American Eagle’s latest ad campaign featuring Sydney Sweeney managed to light up social media with accusations of “Nazi-esque” undertones — but the polling says the outrage brigade was more of a vocal fringe than a national movement.
The campaign itself was straightforward: Sweeney modeling several styles of American Eagle jeans with the tagline, “Sydney Sweeney has great jeans.” The double entendre was obvious, and for most people, harmless.
But online critics, grasping at the homonym, claimed the brand was sending a coded message about her “genes” — an insinuation that, because Sweeney is white, blonde, and blue-eyed, the ad was somehow trafficking in racial superiority themes.
According to a new Economist/YouGov poll, however, just 12% of Americans found the ad “offensive.” Nearly four times that number either thought it was “clever” (39%) or didn’t care one way or the other (40%).

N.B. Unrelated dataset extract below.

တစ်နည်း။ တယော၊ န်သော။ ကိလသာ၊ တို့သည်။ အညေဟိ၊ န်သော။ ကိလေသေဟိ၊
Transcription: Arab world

The supposed national firestorm? Mostly confined to the social media echo chamber.
YouGov has Sweeney data - 12% of Americans find it offensive.

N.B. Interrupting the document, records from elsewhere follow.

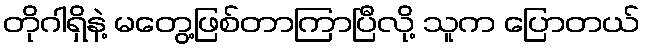
တိုဂါရှိနဲ့ မတွေ့ဖြစ်တာကြာပြီလို့ သူက ပြောတယ်
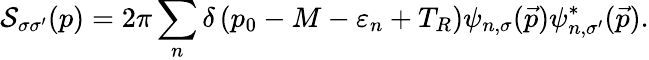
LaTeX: {\cal S}_{\sigma\sigma^{\prime}}(p)=2\pi\sum_{n}\delta\left(p_{0}-M-\varepsilon_{n}+T_{R}\right)\psi_{n,\sigma}({\vec{p}})\psi_{n,\sigma^{\prime}}^{*}({\vec{p}}).
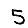
Digit: 5
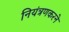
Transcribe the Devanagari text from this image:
नियंत्रणकरने
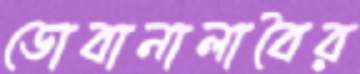
ডোবানালাবৈর
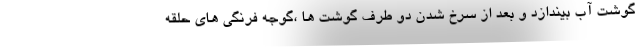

The gender gap is bigger than the political gap on whether the ad is “offensive” (7% of men, 17% of women)
Men are also more likely to find the ad “clever” (49% of men, 31% of women). pic.twitter.com/SMQGsWM66S
— Will Jordan (@williamjordann) August 12, 2025
The political breakdown is telling: 18% of Democrats took offense, compared to just 7% of Republicans and 13% of independents. Even among Democrats, more respondents labeled the ad “clever” (22%) than “offensive.” Independents (38%) and Republicans (57%) were far more likely to see the humor.
The gender gap was even sharper. Women were more than twice as likely as men to call the ad offensive (17% vs. 7%), but still, far more women (31%) saw it as clever — and among men, that number jumped to nearly half (49%).

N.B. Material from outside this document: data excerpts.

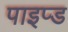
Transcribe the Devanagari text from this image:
पाइप्ड
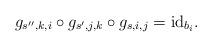
LaTeX: \begin{align*}g_{s^{\prime\prime},k,i}\circ g_{s^{\prime},j,k}\circ g_{s,i,j}=\mathrm{id}_{b_{i}}.\end{align*}
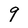
Character: 9

By race, black respondents were slightly more likely to view the ad as offensive (16%) than white (12%) or Hispanic respondents (7%). But in all groups, those calling it “clever” outnumbered the offended: 21% of black Americans, 43% of white Americans, and 40% of Hispanic Americans.
The poll, conducted August 9–11 among 1,635 adults, drives home the reality that viral outrage doesn’t always translate into widespread public sentiment. On the internet, a handful of critics can dominate the conversation. In the real world, most Americans either chuckled at the wordplay — or just shrugged and went on with their day.